Así me la paso. Ellas me sonríen y se burlan de mi torpeza. Tal vez la atribuyen a mi descomunal tamaño. Lo cierto es que hay cucarachas por todas partes, y cuando oigo sus risas sobre mí, sobre César o sobre Carlos no puedo sino darles muerte. Yo soy uno solo contra todas ellas. Ellas, ateas las muy puercas, se multiplican en cinco días y, a la semana, dos degeneran en docenas.

Juzguen ustedes si no es justa mi causa: ellas ensucian todo en mi casa, desde el piso hasta las paredes, desde el baño -¡ay!- hasta la cocina. Yo vengo, cobro venganza.

La última cae dentro del vaso de la leche donde Carlos se sirvió hace un rato. Vacío el líquido -que no es agua y menos leche- junto con el sucio cadáver, que luego se escurre por la coladera. Otro recurso es juntar todos los muertos y arrastrarlos con un trapo hasta el basurero, un excelso cementerio que cada mañana renueva sus lápidas, su tierra y sus esqueletos.

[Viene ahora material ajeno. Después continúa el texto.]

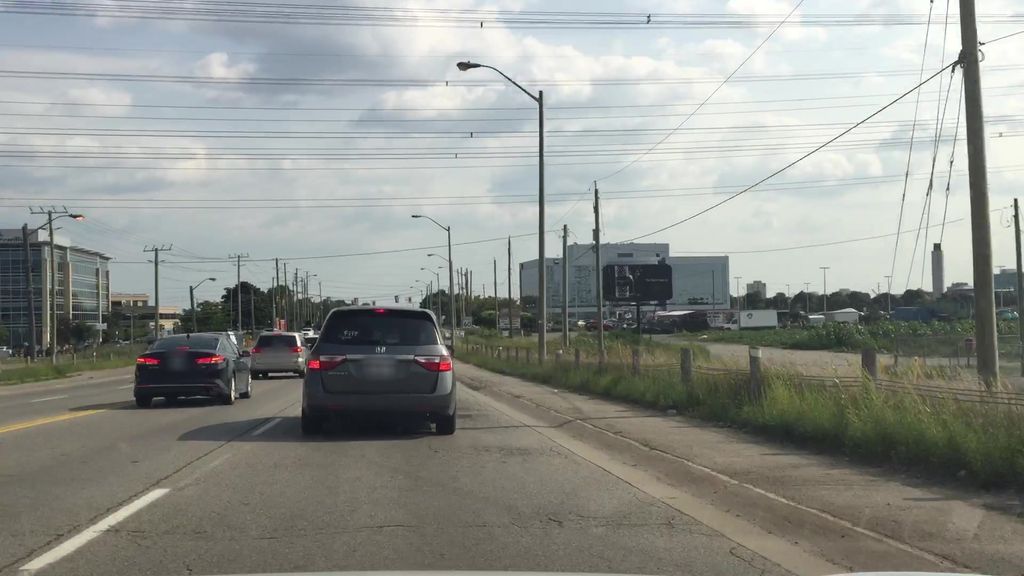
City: toronto
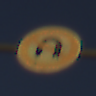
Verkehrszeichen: VerbotWenden
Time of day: SunriseSunset
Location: Outdoor (Nature)
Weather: Clear
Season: NotSpecified
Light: Natural
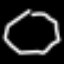
Label: octagon
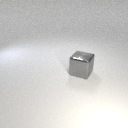
large gray metal cube
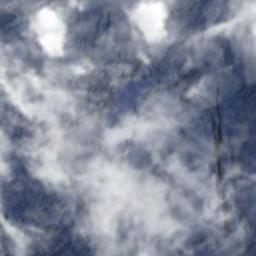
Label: cloud
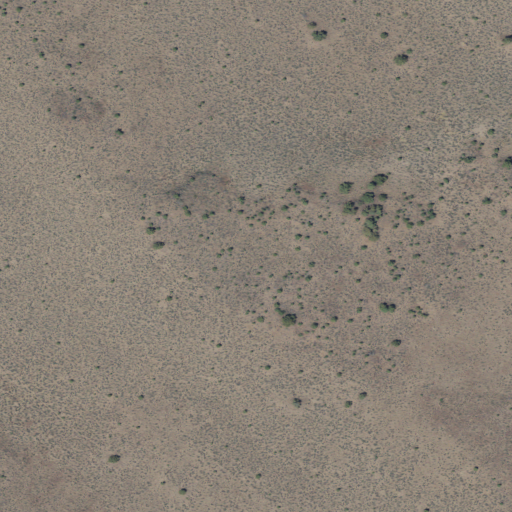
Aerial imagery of ridge(s) in Oregon named Horse Ridge containing only shrub
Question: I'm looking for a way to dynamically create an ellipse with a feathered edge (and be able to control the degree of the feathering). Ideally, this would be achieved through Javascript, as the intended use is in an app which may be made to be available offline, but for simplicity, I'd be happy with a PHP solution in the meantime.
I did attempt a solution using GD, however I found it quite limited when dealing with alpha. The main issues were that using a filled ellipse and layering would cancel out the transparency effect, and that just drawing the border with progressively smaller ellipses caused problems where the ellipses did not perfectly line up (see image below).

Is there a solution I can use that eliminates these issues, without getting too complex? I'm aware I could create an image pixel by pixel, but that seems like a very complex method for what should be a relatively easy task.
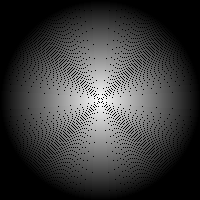
Answer: Here's an example using the tag that looks like it might start you on the right path:
<URL>
And here's a fiddle that shows what I THINK you might be looking for:
<URL>
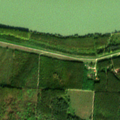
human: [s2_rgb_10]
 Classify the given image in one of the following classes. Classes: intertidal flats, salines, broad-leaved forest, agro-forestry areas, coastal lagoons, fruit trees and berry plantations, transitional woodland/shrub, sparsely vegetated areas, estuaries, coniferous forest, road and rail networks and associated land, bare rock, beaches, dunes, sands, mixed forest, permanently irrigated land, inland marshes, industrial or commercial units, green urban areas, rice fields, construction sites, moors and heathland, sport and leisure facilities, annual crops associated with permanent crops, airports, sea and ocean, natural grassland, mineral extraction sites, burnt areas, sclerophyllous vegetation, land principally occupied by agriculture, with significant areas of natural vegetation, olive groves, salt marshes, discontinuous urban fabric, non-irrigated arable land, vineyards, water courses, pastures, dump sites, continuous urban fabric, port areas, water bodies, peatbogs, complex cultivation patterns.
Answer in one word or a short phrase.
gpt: broad-leaved forest, transitional woodland/shrub, water courses
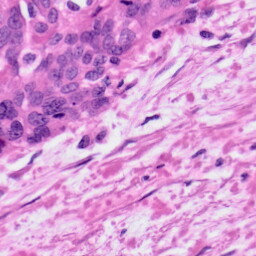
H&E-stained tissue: Ovarian
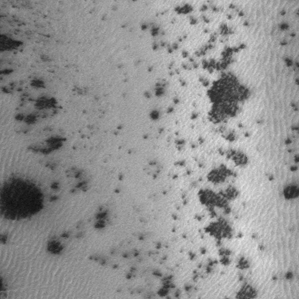
Label: frost
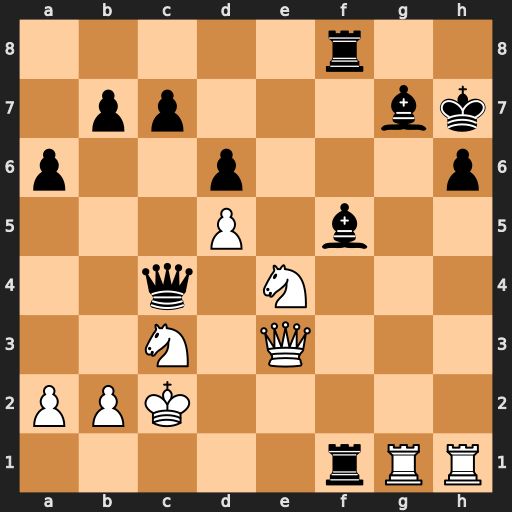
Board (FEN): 5r2/1pp3bk/p2p3p/3P1b2/2q1N3/2N1Q3/PPK5/5rRR
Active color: w
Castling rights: -
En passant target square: -
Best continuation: Rxf1 Bxc3 Qxh6+ Kg8 Qxf8+ Kxf8 Rxf5+ Bf6+ Nc3
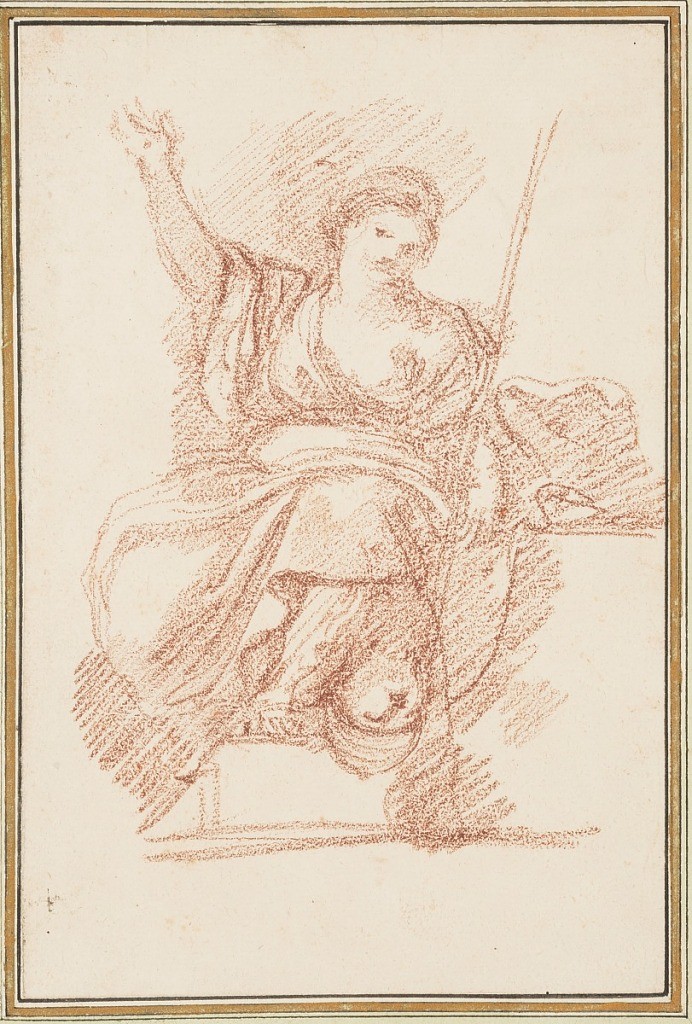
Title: Seated allegorical figure
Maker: Jean-Robert Ango, French, active in Rome 1759 –1770, d. 1773
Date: ca. 1759–70
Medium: Red chalk on paper
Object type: Drawing
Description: Seated allegorical figure with raised right arm. Study of face below, upside down.
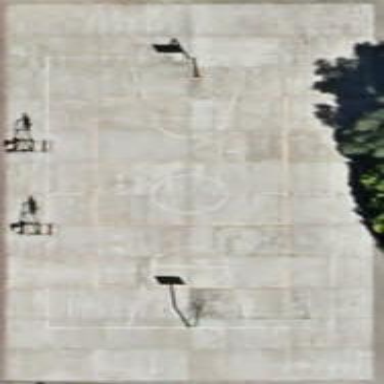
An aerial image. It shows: Basketball court on pitch.
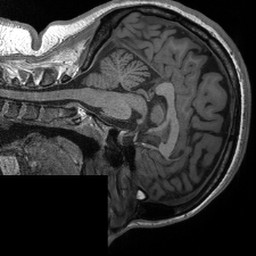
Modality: T1w
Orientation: sagittal
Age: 28
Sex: female
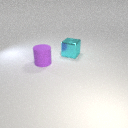
large cyan metal cube behind large purple rubber cylinder
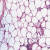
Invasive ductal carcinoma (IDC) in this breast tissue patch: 0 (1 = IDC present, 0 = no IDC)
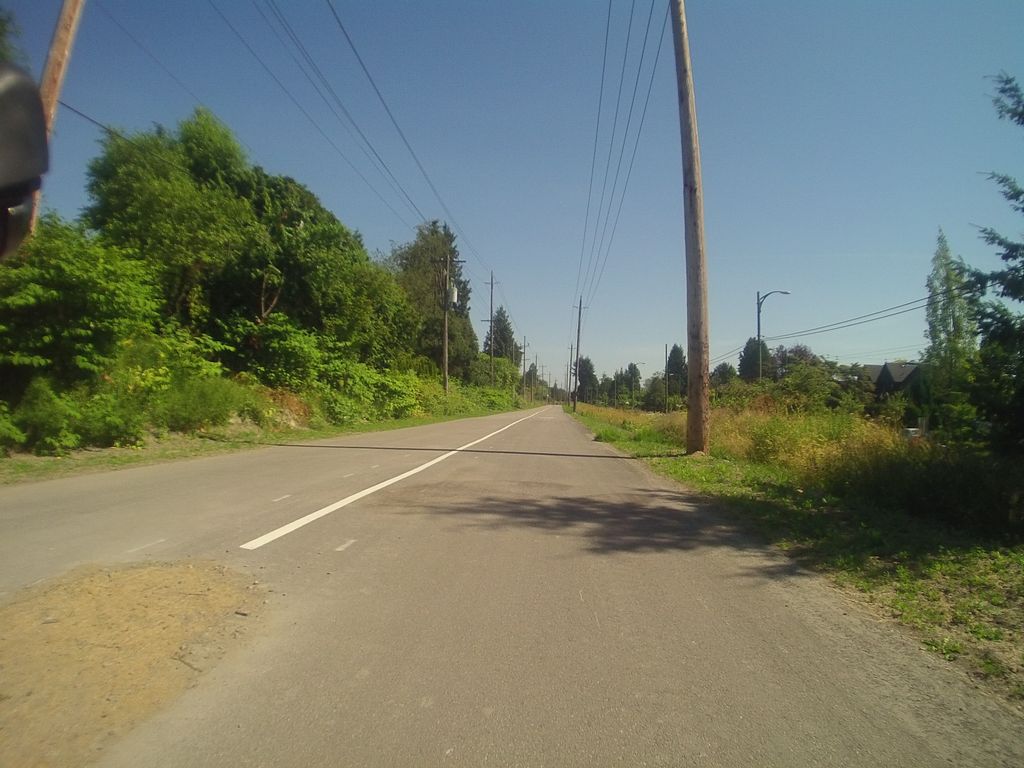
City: vancouver
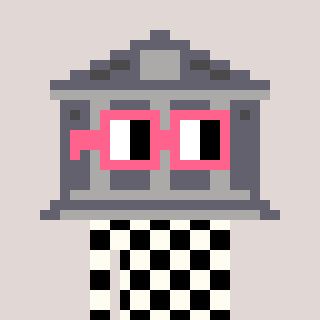
a pixel art character with square pink glasses, a bank-shaped head and a grayscale-colored body on a warm background
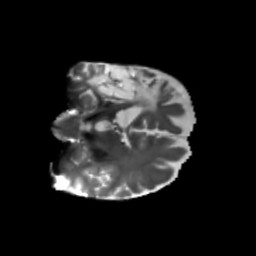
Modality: T2w
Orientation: coronal
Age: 56
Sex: female
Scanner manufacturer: siemens
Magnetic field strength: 3 T
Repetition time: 5.25 s
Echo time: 0.08 s
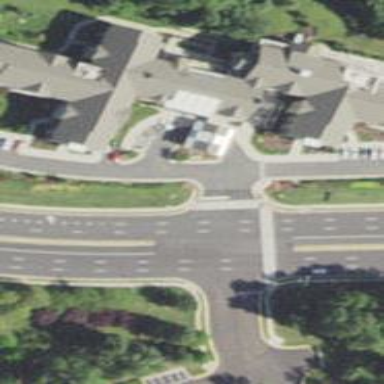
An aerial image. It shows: Marked crossing on footway.
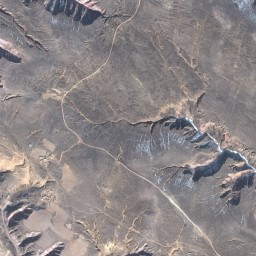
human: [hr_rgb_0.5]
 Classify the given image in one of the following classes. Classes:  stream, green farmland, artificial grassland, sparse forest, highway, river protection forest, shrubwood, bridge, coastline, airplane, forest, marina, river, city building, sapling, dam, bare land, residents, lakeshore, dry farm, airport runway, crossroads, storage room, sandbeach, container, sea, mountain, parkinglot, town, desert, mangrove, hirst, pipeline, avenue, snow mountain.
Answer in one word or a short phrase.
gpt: mountain
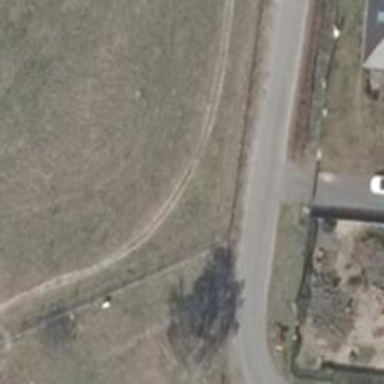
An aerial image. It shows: Ground path.
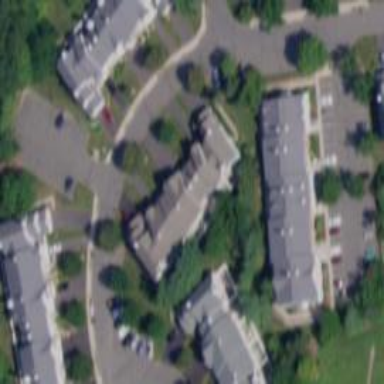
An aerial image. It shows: Residential building.
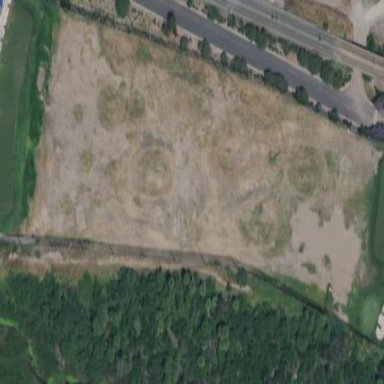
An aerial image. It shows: Golf driving range set on grassy land.
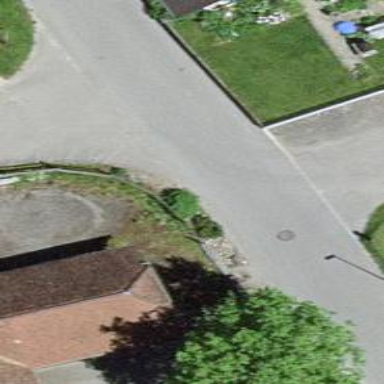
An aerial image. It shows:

A veces, en un bello arranque alegórico de pasión guerrera, escupo sobre ellas antes de pisarlas con mi zapatito. A veces las descubro apareándose y entonces las quemo juntas. Así sufren el ardor del fuego y el ardor de no consumar el palito maligno que se echaban.

Las más peligrosas son las recién nacidas: ésas te enseñan los dientes y luchan, pero sucumben al final; las gordas y grandes se resignan; los machos huyen mortificados; las hembras intentan seducirme. Todas, de todos modos, mueren.

Y luego, habiendo exterminado unas cuarenta cada noche, me voy a dormir, soñando dulces cosas. Ya saben lo que a la madrugada siguiente vendrá, y también pasado mañana, y la noche de luego, igual, sin descansar ni siquiera los domingos. Así, toda la vida: cada madrugada invento cucarachas que mueren un poco después. Las mutilo, las quemo, las castro, las estrangulo, las destripo, las torturo... o con el método tradicional del medio oriente: "Allí va una, pinche Iván... ¡písala!"

Así será siempre, hasta que muera yo y ellas puedan comerme a mí. Juzguen ustedes. Decidan si mi lucha no es heroica, épica y bendita.